==== Extracted data ====

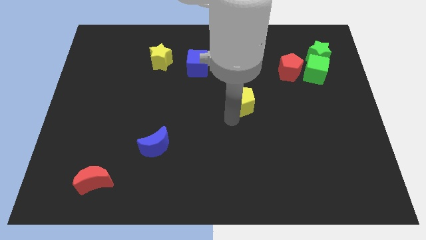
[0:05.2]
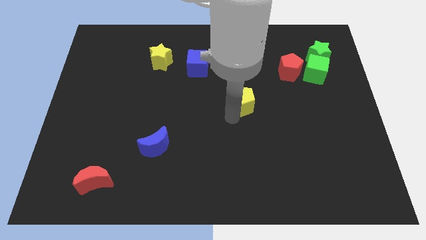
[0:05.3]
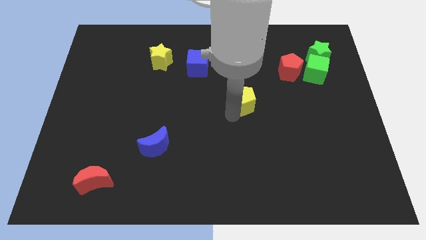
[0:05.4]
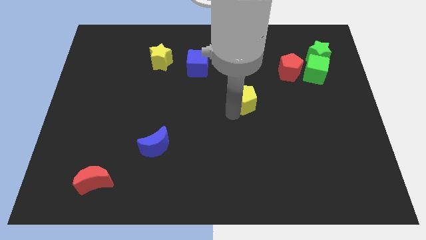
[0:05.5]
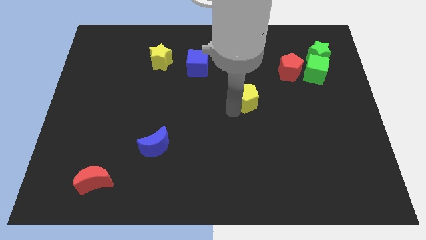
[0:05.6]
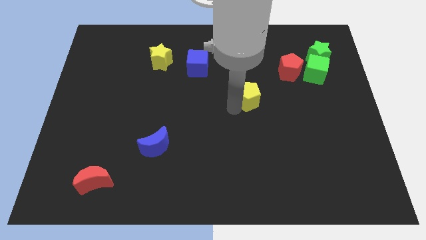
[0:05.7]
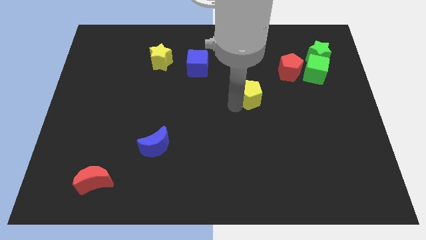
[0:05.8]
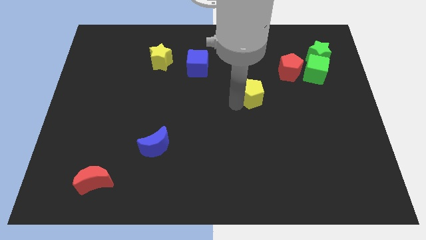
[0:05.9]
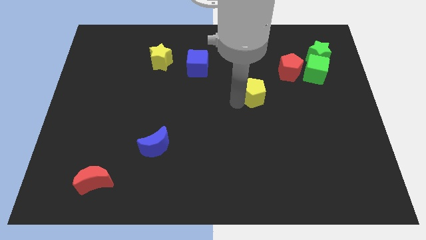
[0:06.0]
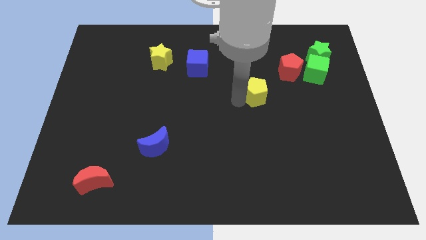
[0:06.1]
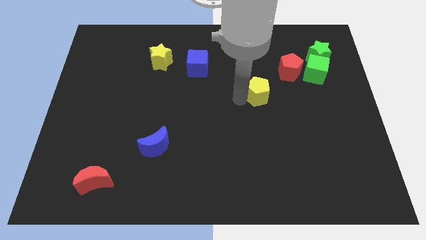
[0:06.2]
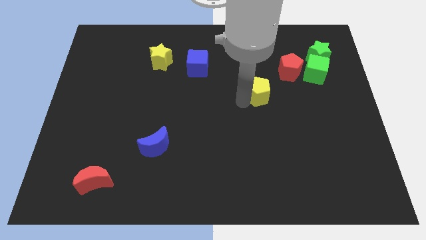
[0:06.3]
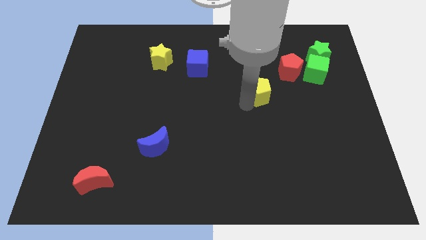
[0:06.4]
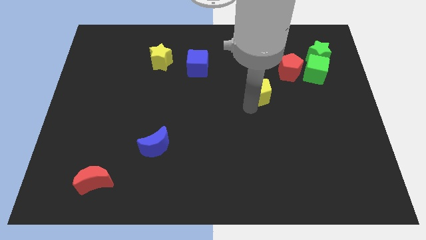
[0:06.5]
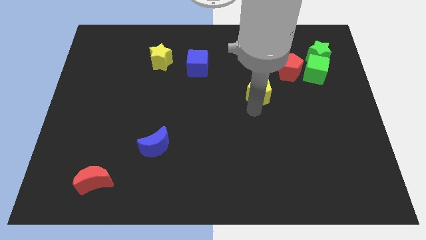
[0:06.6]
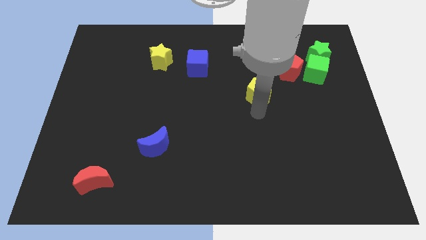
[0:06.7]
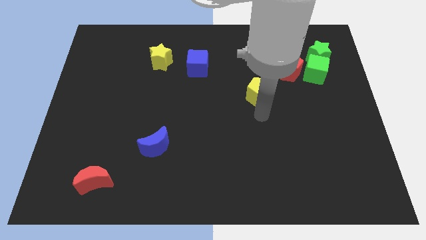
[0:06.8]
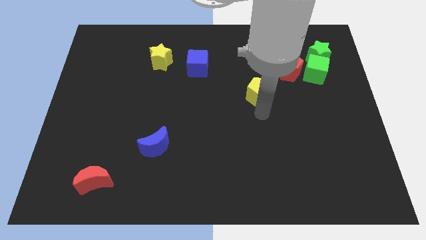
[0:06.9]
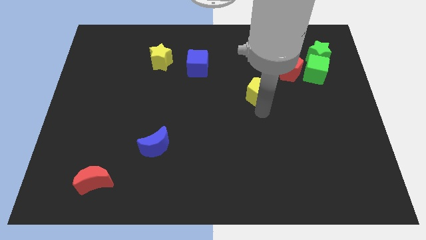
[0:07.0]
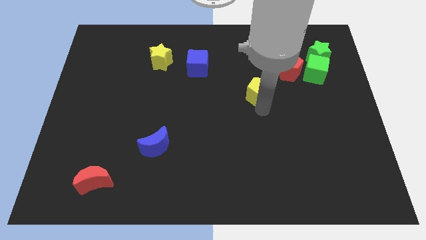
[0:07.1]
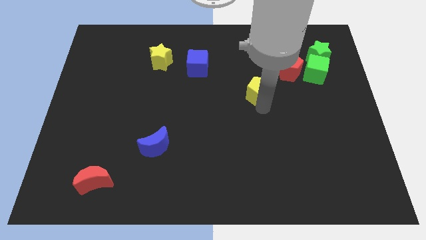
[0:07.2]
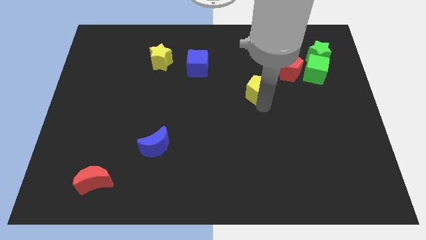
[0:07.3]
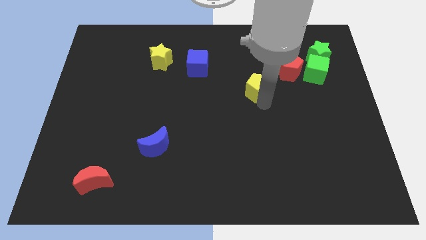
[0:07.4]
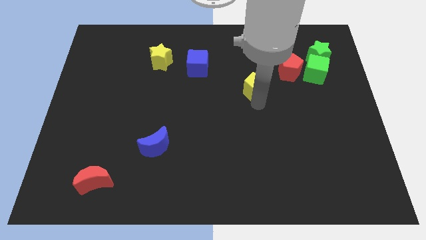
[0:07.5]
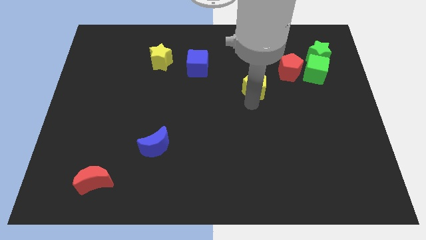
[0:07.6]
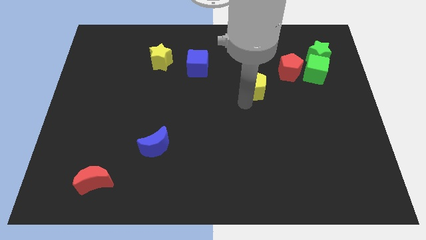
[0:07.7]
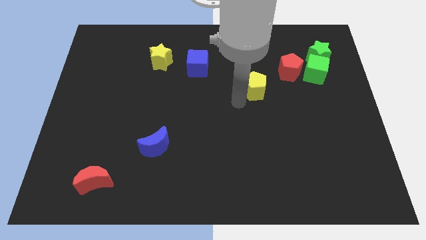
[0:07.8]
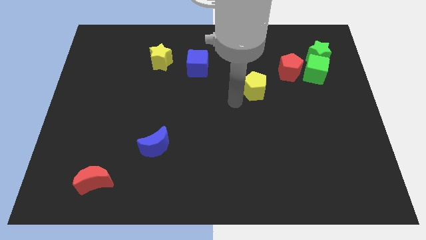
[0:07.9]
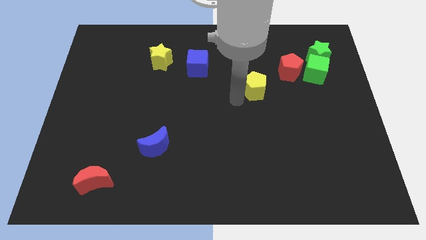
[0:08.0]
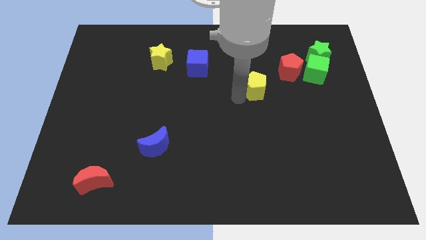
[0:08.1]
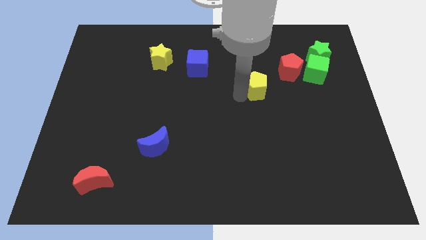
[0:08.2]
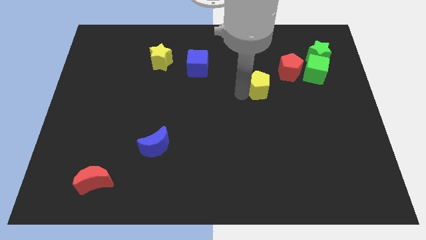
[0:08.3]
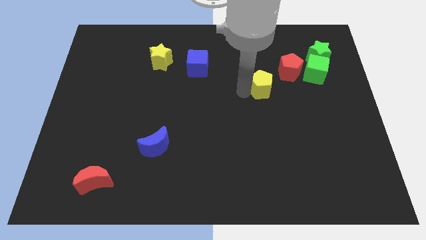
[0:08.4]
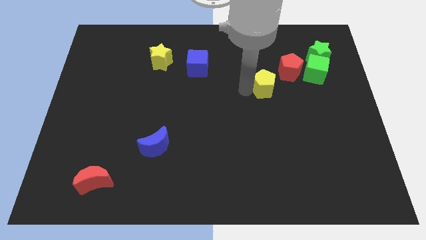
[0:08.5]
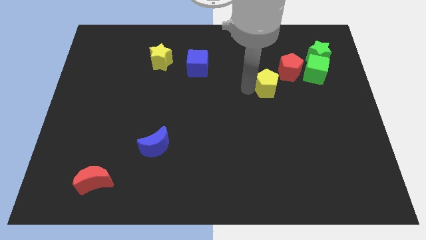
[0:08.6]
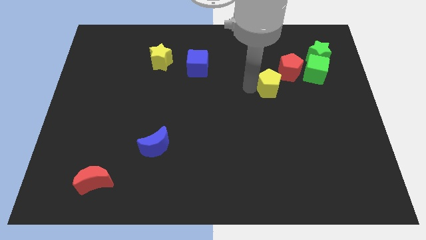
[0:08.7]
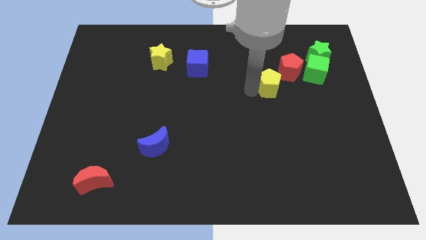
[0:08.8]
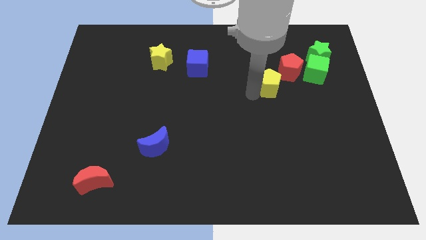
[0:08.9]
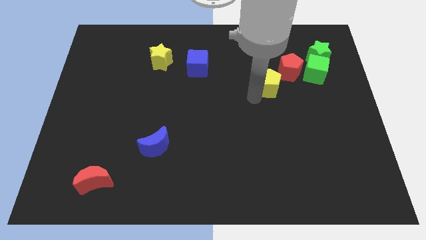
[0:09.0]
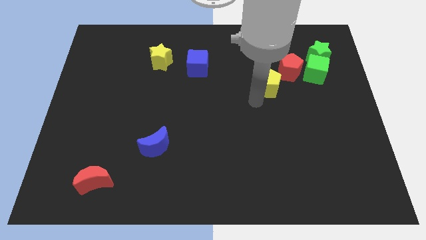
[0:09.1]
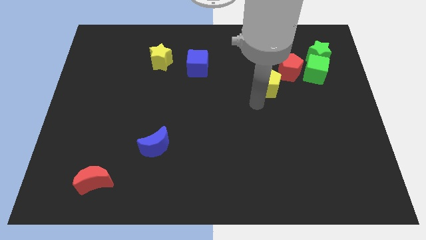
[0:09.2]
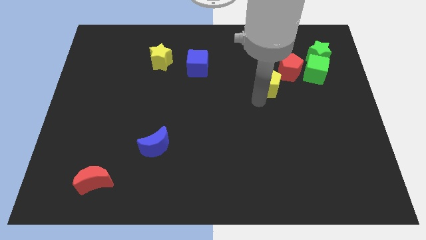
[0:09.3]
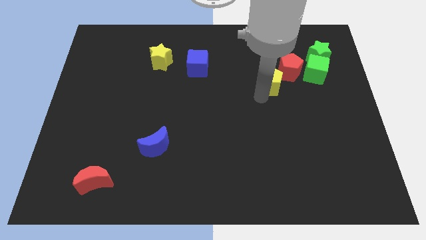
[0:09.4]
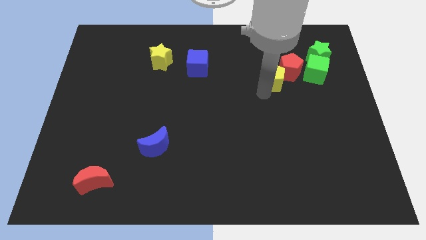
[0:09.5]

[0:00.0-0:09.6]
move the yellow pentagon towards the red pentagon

====

**Problem to solve**
Reproduce each line of the records exactly, omitting any picture.

**Answer for this exercise**
[0:05.2]
[0:05.3]
[0:05.4]
[0:05.5]
[0:05.6]
[0:05.7]
[0:05.8]
[0:05.9]
[0:06.0]
[0:06.1]
[0:06.2]
[0:06.3]
[0:06.4]
[0:06.5]
[0:06.6]
[0:06.7]
[0:06.8]
[0:06.9]
[0:07.0]
[0:07.1]
[0:07.2]
[0:07.3]
[0:07.4]
[0:07.5]
[0:07.6]
[0:07.7]
[0:07.8]
[0:07.9]
[0:08.0]
[0:08.1]
[0:08.2]
[0:08.3]
[0:08.4]
[0:08.5]
[0:08.6]
[0:08.7]
[0:08.8]
[0:08.9]
[0:09.0]
[0:09.1]
[0:09.2]
[0:09.3]
[0:09.4]
[0:09.5]

[0:00.0-0:09.6]
move the yellow pentagon towards the red pentagon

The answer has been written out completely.